Energy constraints, talent wars, and public scrutiny are exposing the limits of the traditional model. Companies that once were defined by operational excellence are now being asked to master something entirely different: constant reinvention. And many of their leaders lack the experience and expertise for this new reality.
The question is no longer how to operate well. It’s how to transform constantly, re-engineering leadership and operating systems to keep pace with exponential growth.
"The big transition now is moving from operating to transforming, which requires different kinds of leaders," explains Sean Dineen, leader advisor at Russell Reynolds Associates (RRA).

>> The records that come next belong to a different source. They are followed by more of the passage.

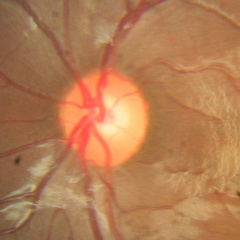

Fundus image with findings of no glaucoma.
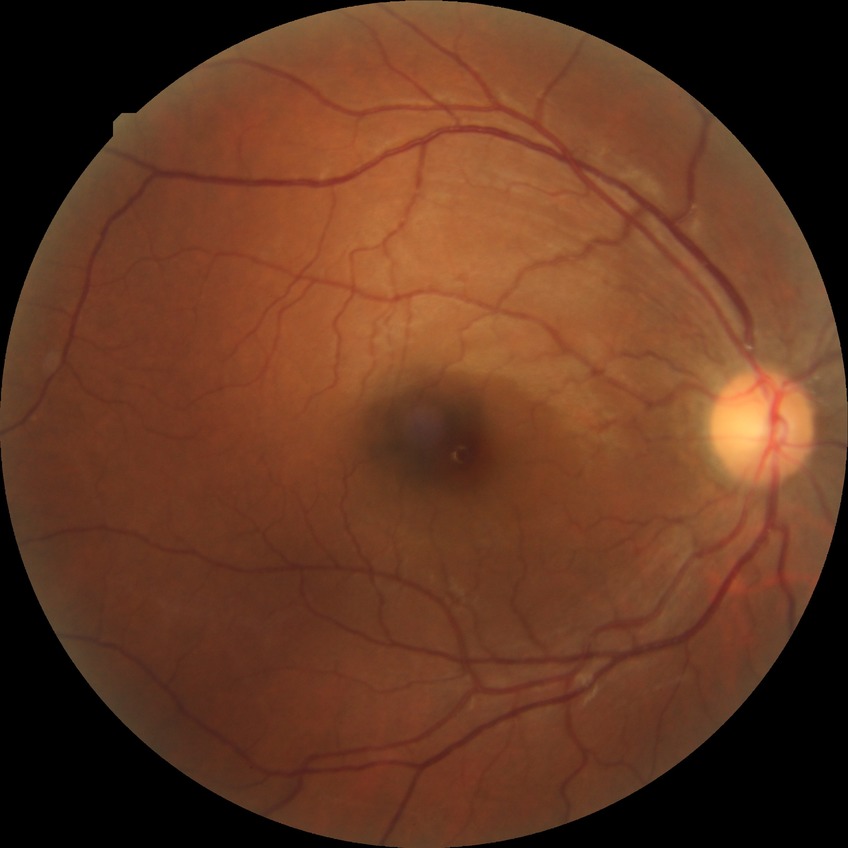

Modified Davis classification: no diabetic retinopathy.
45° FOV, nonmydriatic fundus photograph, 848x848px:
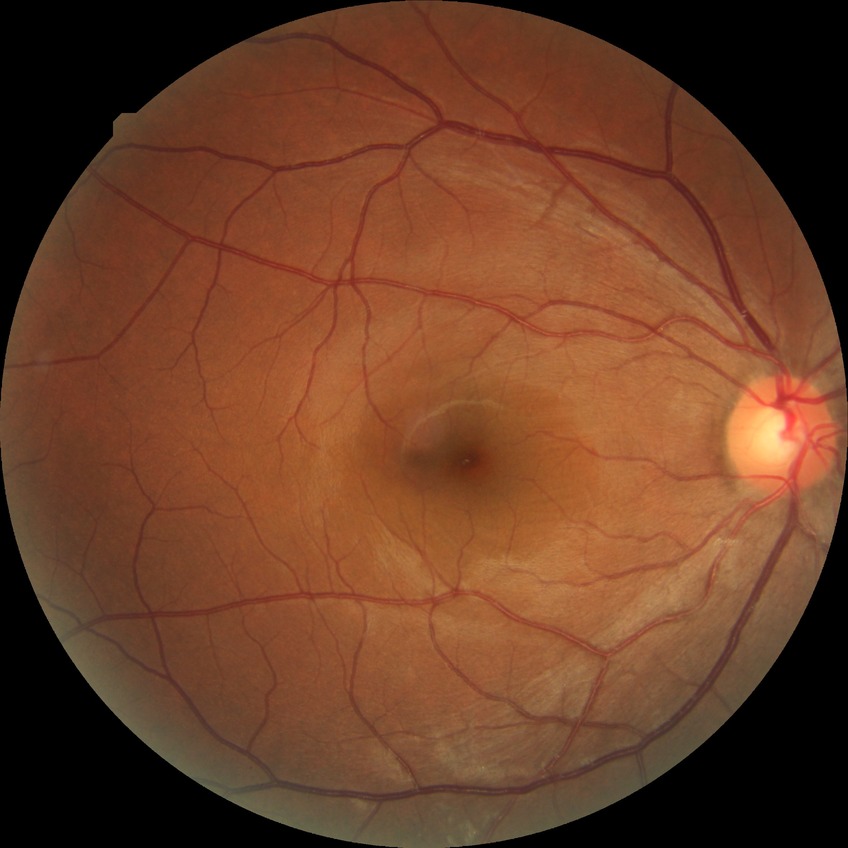

modified Davis grading@no diabetic retinopathy.
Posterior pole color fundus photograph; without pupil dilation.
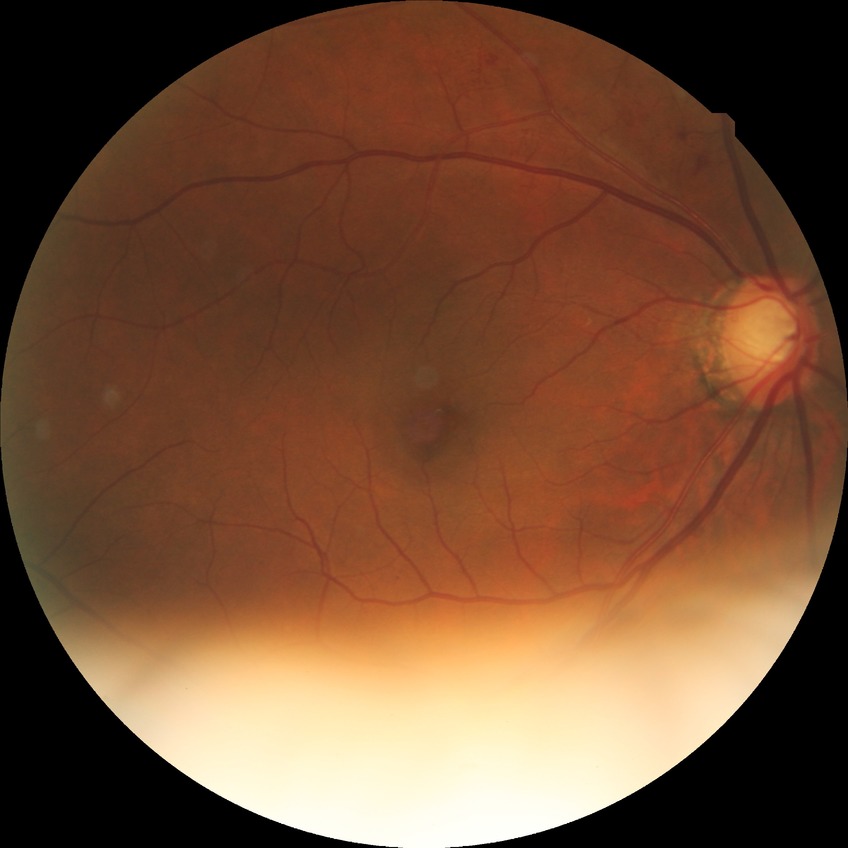
diabetic retinopathy (DR) = SDR (simple diabetic retinopathy).

"People who think more broadly, look outside-in versus inside-out, are curious, adaptable, not stuck in routines, constantly pushing for 'what do we need to do differently?' They experiment, scale what works, and bring ambition and aspiration: not just putting incremental points on the board, but thinking about multiplying what's possible."
"We're in a 'reset moment' around what kind of leadership is required," Sean says. "Most organizations' leadership frameworks and capability models are stuck in the past; the business environment and change outside outpace what organizations have internally."
The challenge is acute. Operating leaders typically emphasize control, precision, and incremental improvement—essential qualities for running infrastructure reliably. The operators who built their businesses around uptime and predictable yield must now master dynamic capacity planning, AI-optimized workloads, and cross-market partnerships.
Transformational leaders, by contrast, demonstrate curiosity, flexibility, and a willingness to experiment. Rather than viewing constraints around capital, land, power, or talent as obstacles, they approach them as catalysts for innovation.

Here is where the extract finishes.